Interest rate derivatives and the duty to disclose.
HR 22 May 2026, ECLI:NL:HR:2026:793
The Dutch Supreme Court (Hoge Raad) issued a significant ruling on 22 May 2026 on the question of whether a bank advising on and entering into an interest rate derivative is obliged to share its own interest rate outlook with its counterparty. The judgment clarifies the scope of the duty to disclose in the context of error (dwaling, Section 6:228 of the Dutch Civil Code) and the special duty of care incumbent on professional financial institutions, and sharpens the distinction between the two.
Background
Two hospitality entrepreneurs had banked with Deutsche Bank since the early 1990s and in 2005 entered into two interest rate swaps to hedge the interest rate risk on their substantial roll-over credit facilities. In early 2008 they terminated those swaps — on the bank's advice, as they later claimed — and received a positive market value of just over €900,000. A few months later, in June 2008, they entered into two new swaps with Deutsche Bank, each with a ten-year tenor and fixed rates of 4.89% and 4.92% respectively.

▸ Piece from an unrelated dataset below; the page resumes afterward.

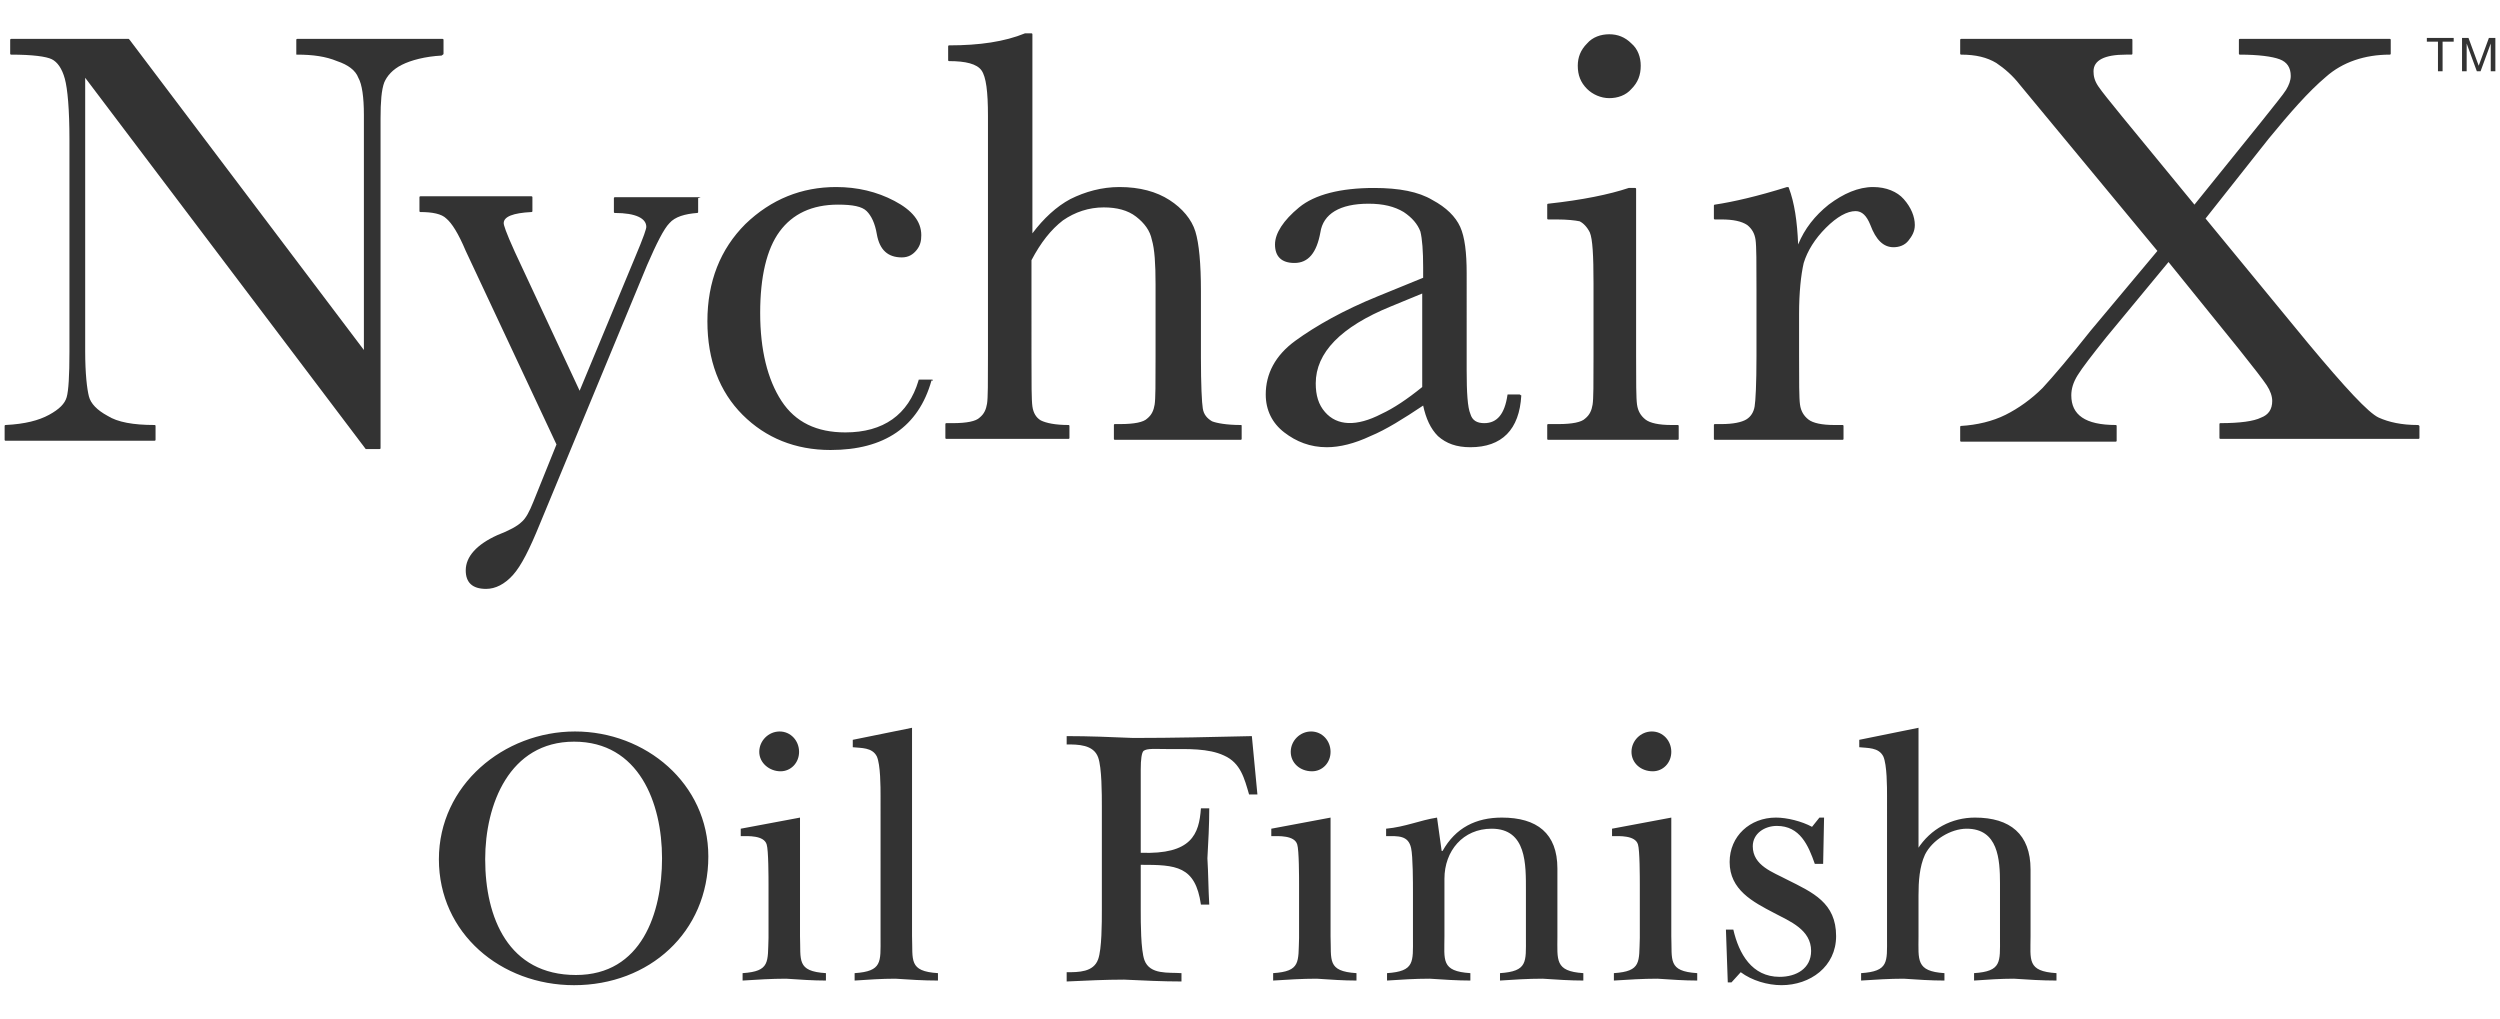 <svg version="1.1" id="レイヤー_1" xmlns="http://www.w3.org/2000/svg" x="0" y="0" width="270" height="110" viewBox="0 0 270 110" style="enable-background:new 0 0 270 110" xml:space="preserve"><style>.st0{fill:#333}</style><path class="st0" d="M47.4 92.8c0-8 7-13.8 14.7-13.8 7.6 0 14.4 5.6 14.4 13.5 0 8.2-6.4 13.9-14.5 13.9-7.9 0-14.6-5.6-14.6-13.6zm5 0c0 6.3 2.5 12.5 9.8 12.5 7.1 0 9.3-6.7 9.3-12.6 0-6-2.5-12.6-9.5-12.6s-9.6 6.8-9.6 12.7zm34-4.5v12.8c.1 2.6-.4 3.8 2.8 4v.8c-1.4 0-2.8-.1-4.3-.2-1.6 0-3.1.1-4.7.2v-.8c3-.2 2.7-1.2 2.8-3.8v-5.7c0-.8 0-3.8-.2-4.4-.3-1-2-.9-2.8-.9v-.8l6.4-1.2zM82 81.2c0-1.2 1-2.2 2.2-2.2 1.2 0 2.1 1 2.1 2.2 0 1.2-.9 2.1-2 2.1-1.2 0-2.3-.9-2.3-2.1zm16.5 19.9c.1 2.6-.4 3.8 2.8 4v.8c-1.6 0-3.1-.1-4.6-.2-1.5 0-2.9.1-4.4.2v-.8c3-.2 2.8-1.2 2.8-3.8V86c0-1 0-3.4-.4-4.3-.5-1-1.7-.9-2.6-1v-.8l6.4-1.3v22.5zm37.3-15.3h-.9c-.5-1.7-.9-3.4-2.7-4.2-1.7-.8-4-.7-5.9-.7-1.6 0-2.4-.1-2.8.2-.2.2-.3.9-.3 2v9c5.5.2 6.3-2 6.5-4.8h.9c0 1.8-.1 3.6-.2 5.4.1 1.6.1 3.3.2 5h-.9c-.6-4.2-2.7-4.3-6.5-4.3v5c0 1.2 0 4.2.4 5.3.6 1.6 2.6 1.3 4 1.4v.9c-2 0-4.1-.1-6.2-.2-2 0-4 .1-6.2.2v-1c1.3 0 2.9 0 3.4-1.4.4-1.1.4-4 .4-5.3V87.1c0-1.3 0-4.2-.4-5.3-.5-1.4-2.2-1.4-3.4-1.4v-.9c2.4 0 4.8.1 7.2.2 4.3 0 8.6-.1 12.8-.2l.6 6.3zm7.9 2.5v12.8c.1 2.6-.4 3.8 2.8 4v.8c-1.4 0-2.8-.1-4.3-.2-1.6 0-3.1.1-4.7.2v-.8c3-.2 2.7-1.2 2.8-3.8v-5.7c0-.8 0-3.8-.2-4.4-.3-1-2-.9-2.8-.9v-.8l6.4-1.2zm-4.3-7.1c0-1.2 1-2.2 2.2-2.2 1.2 0 2.1 1 2.1 2.2 0 1.2-.9 2.1-2 2.1-1.3 0-2.3-.9-2.3-2.1zm28.8 19.9c0 2.6-.3 3.8 2.8 4v.8c-1.4 0-2.9-.1-4.4-.2-1.6 0-3.1.1-4.6.2v-.8c3-.2 2.8-1.2 2.8-3.8v-5.1c0-2.8.1-6.7-3.7-6.7-3.1 0-5.1 2.4-5.1 5.4v6.2c0 2.6-.4 3.8 2.8 4v.8c-1.4 0-2.9-.1-4.4-.2-1.6 0-3.1.1-4.6.2v-.8c3-.2 2.8-1.2 2.8-3.8v-4.9c0-1.1 0-3.9-.2-4.8-.3-1.4-1.4-1.3-2.7-1.3v-.8c2.1-.2 3.6-.9 5.5-1.2l.5 3.6h.1c1.4-2.5 3.6-3.6 6.4-3.6 3.8 0 6 1.7 6 5.5v7.3zm12.3-12.8v12.8c.1 2.6-.4 3.8 2.8 4v.8c-1.4 0-2.8-.1-4.3-.2-1.6 0-3.1.1-4.7.2v-.8c3-.2 2.7-1.2 2.8-3.8v-5.7c0-.8 0-3.8-.2-4.4-.3-1-2-.9-2.8-.9v-.8l6.4-1.2zm-4.3-7.1c0-1.2 1-2.2 2.2-2.2 1.2 0 2.1 1 2.1 2.2 0 1.2-.9 2.1-2 2.1-1.3 0-2.3-.9-2.3-2.1zm10.8 24.9h-.4l-.2-5.7h.8c.6 2.6 2 5.1 5 5.1 1.8 0 3.4-.9 3.4-2.8 0-2.3-2.3-3.2-4-4.1-2.3-1.2-4.8-2.5-4.8-5.5 0-2.8 2.2-4.8 5-4.8 1.2 0 2.8.4 3.9 1l.8-1h.5l-.1 5h-.9c-.7-2-1.6-4.1-4.1-4.1-1.3 0-2.6.8-2.6 2.2 0 2.1 2.2 2.8 3.7 3.6 2.8 1.4 5.3 2.5 5.3 6.1 0 3.3-2.8 5.3-5.9 5.3-1.5 0-3.2-.5-4.4-1.4l-1 1.1zm20.1-14.4c1.4-2.2 3.7-3.4 6.2-3.4 3.8 0 6 1.8 6 5.6v7.2c0 2.6-.4 3.8 2.8 4v.8c-1.6 0-3.1-.1-4.6-.2-1.4 0-2.9.1-4.3.2v-.8c3-.2 2.8-1.2 2.8-3.8v-5.9c0-2.6-.2-5.9-3.6-5.9-1.7 0-3.7 1.2-4.5 2.8-.6 1.3-.7 2.9-.7 4.4v4.4c0 2.6-.3 3.8 2.8 4v.8c-1.5 0-2.9-.1-4.4-.2-1.5 0-3.1.1-4.6.2v-.8c3-.2 2.8-1.2 2.8-3.8V86c0-1 0-3.4-.4-4.3-.5-1-1.7-.9-2.6-1v-.8l6.4-1.3v13.1zM47.9 5.8V4.3c0-.1-.1-.1-.1-.1H32.1c-.1 0-.1.1-.1.1v1.6h.1c1.7 0 3.1.2 4.3.7 1.2.4 2 1 2.3 1.8.4.7.6 2.1.6 4v25.4L14 4.3l-.1-.1H1.2c-.1 0-.1.1-.1.1v1.5c0 .1.1.1.1.1 2.3 0 3.8.2 4.4.5.6.3 1.1 1 1.4 2.1.3 1.1.5 3.3.5 6.6V38c0 2.6-.1 4.2-.3 4.9-.2.7-.8 1.3-1.9 1.9-1.1.6-2.6 1-4.7 1.1-.1 0-.1.1-.1.1v1.5c0 .1.1.1.1.1h16.1c.1 0 .1-.1.1-.1V46c0-.1-.1-.1-.1-.1-2.3 0-4-.3-5.1-1-1.1-.6-1.8-1.3-2-2.1-.2-.8-.4-2.4-.4-4.9V8.4l30.3 40.1H41c.1 0 .1-.1.1-.1V12.8c0-1.8.1-3.1.4-3.9.3-.7.9-1.4 1.9-1.9 1-.5 2.5-.9 4.3-1 .1-.1.2-.1.2-.2z"/><path class="st0" d="M75.6 21.3h-9.2c-.1 0-.1.1-.1.1v1.5c0 .1.1.1.1.1 2.3 0 3.4.6 3.4 1.5 0 .2-.2.9-1.3 3.5l-5.9 14.2-7-15c-1-2.2-1.2-2.9-1.2-3.1 0-.7 1-1.1 3-1.2.1 0 .1-.1.1-.1v-1.5c0-.1-.1-.1-.1-.1h-12c-.1 0-.1.1-.1.1v1.5c0 .1.1.1.1.1 1.3 0 2.3.2 2.8.7.6.5 1.3 1.6 2.1 3.5L60.1 48l-2.5 6.2c-.4 1-.8 1.8-1.3 2.2-.4.4-1.3.9-2.6 1.4-2.2 1-3.4 2.3-3.4 3.8 0 1.3.7 2 2.2 2 1 0 2-.5 2.9-1.5.9-1 1.8-2.8 2.9-5.5l11.6-28c1-2.3 1.8-3.9 2.4-4.5.6-.7 1.7-1 3-1.1.1 0 .1-.1.1-.1v-1.5c.3-.1.3-.1.2-.1zM100.7 41h-1.4c-.1 0-.1 0-.1.1-1.1 3.7-3.8 5.6-7.9 5.6-3.1 0-5.4-1.1-6.9-3.4s-2.3-5.5-2.3-9.5c0-3.9.7-6.9 2.1-8.8 1.4-1.9 3.5-2.9 6.3-2.9 1.6 0 2.6.2 3.1.7.5.5.9 1.3 1.1 2.5.3 1.7 1.2 2.5 2.7 2.5.7 0 1.2-.3 1.6-.8.4-.5.5-1 .5-1.6 0-1.5-1-2.7-2.9-3.7s-4-1.5-6.3-1.5c-3.7 0-7 1.3-9.8 4-2.7 2.7-4.1 6.2-4.1 10.5 0 4.2 1.3 7.6 3.8 10.1s5.7 3.8 9.5 3.8c5.8 0 9.5-2.5 10.9-7.5.2 0 .2 0 .1-.1zm33.3 4.9c-1.5 0-2.6-.2-3.1-.4-.5-.3-.9-.7-1-1.4-.1-.6-.2-2.5-.2-5.5v-7.2c0-2.9-.2-5.1-.6-6.4-.4-1.3-1.4-2.5-2.8-3.4-1.4-.9-3.2-1.4-5.4-1.4-1.9 0-3.7.5-5.3 1.3-1.5.8-2.9 2.1-4.1 3.7V3.7c0-.1-.1-.1-.1-.1h-.7c-2.2.9-4.9 1.3-8.2 1.3-.1 0-.1.1-.1.1v1.5c0 .1.1.1.1.1 1.8 0 3 .3 3.5 1s.7 2.3.7 4.9v25.9c0 2.9 0 4.6-.1 5.2-.1.6-.3 1.1-.8 1.5-.4.4-1.4.6-2.9.6h-.7c-.1 0-.1.1-.1.1v1.5c0 .1.1.1.1.1h13.2c.1 0 .1-.1.1-.1V46c0-.1-.1-.1-.1-.1-1.4 0-2.4-.2-3-.5-.5-.3-.8-.8-.9-1.5-.1-.7-.1-2.5-.1-5.4V28.1c1-1.9 2.1-3.3 3.4-4.3 1.3-.9 2.8-1.4 4.4-1.4 1.4 0 2.6.3 3.5 1 .9.7 1.5 1.5 1.7 2.5.3 1 .4 2.6.4 4.8v7.8c0 2.9 0 4.6-.1 5.2-.1.6-.3 1.1-.8 1.5-.4.4-1.4.6-2.9.6h-.6c-.1 0-.1.1-.1.1v1.5c0 .1.1.1.1.1H134c.1 0 .1-.1.1-.1V46c0-.1 0-.1-.1-.1zm30.1-3.3h-1.2c-.1 0-.1 0-.1.1-.3 2-1.1 3-2.5 3-.8 0-1.3-.3-1.5-1-.3-.7-.4-2.3-.4-4.7V29.5c0-2.2-.2-3.9-.7-5-.5-1.1-1.5-2.1-3-2.9-1.5-.9-3.6-1.3-6.3-1.3-3.6 0-6.4.7-8.1 2.1-1.7 1.4-2.6 2.8-2.6 4 0 1.3.7 2 2.1 2 1.5 0 2.4-1.1 2.8-3.3.3-2 2.1-3.1 5.2-3.1 1.6 0 2.8.3 3.8.9.9.6 1.5 1.3 1.8 2.1.2.8.3 2.1.3 3.9V30l-4.9 2c-3.7 1.5-6.7 3.2-8.9 4.8-2.2 1.6-3.2 3.6-3.2 5.8 0 1.7.7 3.1 2 4.1 1.3 1 2.8 1.6 4.6 1.6 1.4 0 3-.4 4.7-1.2 1.7-.7 3.6-1.9 5.7-3.3.3 1.4.8 2.5 1.6 3.3.9.8 2 1.2 3.5 1.2 3.4 0 5.3-1.9 5.5-5.6-.1 0-.1-.1-.2-.1.1 0 0 0 0 0zm-10.5-10.9v10.1c-1.6 1.3-3.1 2.3-4.4 2.9-2.7 1.4-4.8 1.3-6.1-.2-.7-.8-1-1.8-1-3.1 0-3.3 2.7-6.1 8.1-8.3l3.4-1.4zm20.2-21.1c.9 0 1.8-.3 2.4-1 .7-.7 1-1.5 1-2.5 0-.9-.3-1.8-1-2.4-.7-.7-1.5-1-2.4-1-.9 0-1.8.3-2.4 1-.7.7-1 1.5-1 2.4 0 1 .3 1.8 1 2.5.6.6 1.5 1 2.4 1zm7.4 35.3h-.7c-1.3 0-2.3-.2-2.8-.6-.5-.4-.8-.9-.9-1.6-.1-.7-.1-2.5-.1-5.2V20.4c0-.1-.1-.1-.1-.1h-.7c-2.1.7-5 1.3-8.7 1.7-.1 0-.1.1-.1.1v1.5c0 .1.1.1.1.1h.9c1.2 0 2 .1 2.5.2.4.2.8.6 1.1 1.2.3.7.4 2.5.4 5.5v7.9c0 2.9 0 4.6-.1 5.2-.1.6-.3 1.1-.8 1.5-.4.4-1.4.6-2.9.6h-1.1c-.1 0-.1.1-.1.1v1.5c0 .1.1.1.1.1h14c.1 0 .1-.1.1-.1V46c0-.1-.1-.1-.1-.1zm21.1-25.7c-1.6 0-3.2.7-4.8 1.9-1.5 1.2-2.6 2.6-3.3 4.3-.1-2.5-.4-4.5-1-6.1 0-.1-.1-.1-.2-.1-3.2 1-5.8 1.6-7.8 1.9-.1 0-.1.1-.1.1v1.4c0 .1.1.1.1.1h.7c1.3 0 2.2.2 2.8.6.5.4.8.9.9 1.6.1.7.1 2.5.1 5.3v7.3c0 3-.1 4.8-.2 5.4-.1.6-.4 1.1-.9 1.4-.5.3-1.4.5-2.7.5h-.7c-.1 0-.1.1-.1.1v1.5c0 .1.1.1.1.1H199c.1 0 .1-.1.1-.1V46c0-.1-.1-.1-.1-.1h-.9c-1.3 0-2.3-.2-2.8-.6-.5-.4-.8-.9-.9-1.6-.1-.7-.1-2.5-.1-5.2v-4.6c0-2.3.2-4.2.5-5.5.4-1.3 1.2-2.6 2.4-3.8 1.2-1.2 2.3-1.8 3.2-1.8.7 0 1.2.5 1.6 1.5.6 1.6 1.4 2.4 2.5 2.4.6 0 1.2-.2 1.6-.7.4-.5.7-1 .7-1.7 0-.9-.4-1.9-1.2-2.8-.7-.8-1.9-1.3-3.3-1.3zm58.8 25.7c-1.7 0-3.1-.3-4.2-.8s-3.6-3.2-7.6-8l-11.1-13.5L245 15c2.3-2.8 4.3-5.1 6.2-6.7 1.8-1.6 4.2-2.4 6.9-2.4.1 0 .1-.1.1-.1V4.3c0-.1-.1-.1-.1-.1h-16.2c-.1 0-.1.1-.1.1v1.5c0 .1.1.1.1.1 2 0 3.5.2 4.3.5.8.3 1.2.9 1.2 1.8 0 .5-.2 1-.5 1.5s-1.3 1.7-2.8 3.6l-7.1 8.8-7.8-9.5c-1.3-1.6-2.2-2.7-2.6-3.3-.4-.6-.5-1.1-.5-1.6 0-1.2 1.2-1.8 3.5-1.8h.6c.1 0 .1-.1.1-.1V4.3c0-.1-.1-.1-.1-.1h-18.4c-.1 0-.1.1-.1.1v1.5c0 .1.1.1.1.1 1.6 0 2.8.3 3.8.9.9.6 1.8 1.4 2.5 2.3l14.9 18-7.2 8.6c-2.3 2.9-4 4.9-5.2 6.2-1.2 1.2-2.6 2.2-4 2.9-1.4.7-3.1 1.1-4.8 1.2-.1 0-.1.1-.1.1v1.5c0 .1.1.1.1.1h16.7c.1 0 .1-.1.1-.1V46c0-.1-.1-.1-.1-.1-3.3 0-4.8-1.1-4.8-3.2 0-.7.2-1.4.7-2.2.5-.8 1.5-2.1 3.1-4.1l6.7-8.1 7.6 9.4c1.6 2 2.6 3.3 3 3.9.4.6.6 1.2.6 1.7 0 .9-.4 1.5-1.2 1.8-.8.4-2.3.6-4.4.6-.1 0-.1.1-.1.1v1.5c0 .1.1.1.1.1h21.4c.1 0 .1-.1.1-.1V46c-.1-.1-.1-.1-.2-.1zm1-41.4v-.4h2.9v.4h-1.2v3.2h-.5V4.5h-1.2zm4.5-.4 1.1 3 1.1-3h.7v3.6h-.5v-3l-1.1 3h-.4l-1.1-3v3h-.5V4.1h.7z"/></svg>

What is crucial is what happened in the intervening weeks. Deutsche Bank's Economic Research department had on 2 June 2008 published an interest rate outlook predicting a declining Euribor — from 4.7% in Q1 2008 to 3.8% by end-2009. That outlook was not shared with the entrepreneurs. On 27 June 2008 they signed the new swaps. What followed is predictable: rates fell sharply, and the swaps proved deeply adverse.
The legal claims
The entrepreneurs sought annulment of the 2008 swap on grounds of error, and in the alternative claimed damages for breach of the bank's duty of care. Both the District Court and the Amsterdam Court of Appeal dismissed the claims. The Court of Appeal held that interest rate outlooks are inherently of "limited value" and that a bank entering into a swap for hedging purposes is not "as a matter of principle" obliged to share its rate outlook. It added that Deutsche Bank had in any event revised its 2 June 2008 view only fourteen days later.
The Supreme Court's analysis
The Supreme Court quashes the Court of Appeal's judgment on several grounds.
Error — Section 6:228(1)(a) of the Dutch Civil Code. The Court of Appeal had failed entirely to address a central allegation: that Deutsche Bank had positively represented to the entrepreneurs, prior to entering into the new swap, that interest rates were going to rise and that it was therefore advisable to hedge again. This concerns a claim under art. 6:228(1)(a) DCC — error induced by an incorrect or incomplete statement made by the counterparty itself — which the Supreme Court carefully distinguishes from the spontaneous duty to disclose under art. 6:228(1)(b) of the Dutch Civil Code. Leaving that allegation unaddressed without reasons is, the Court holds, incomprehensible.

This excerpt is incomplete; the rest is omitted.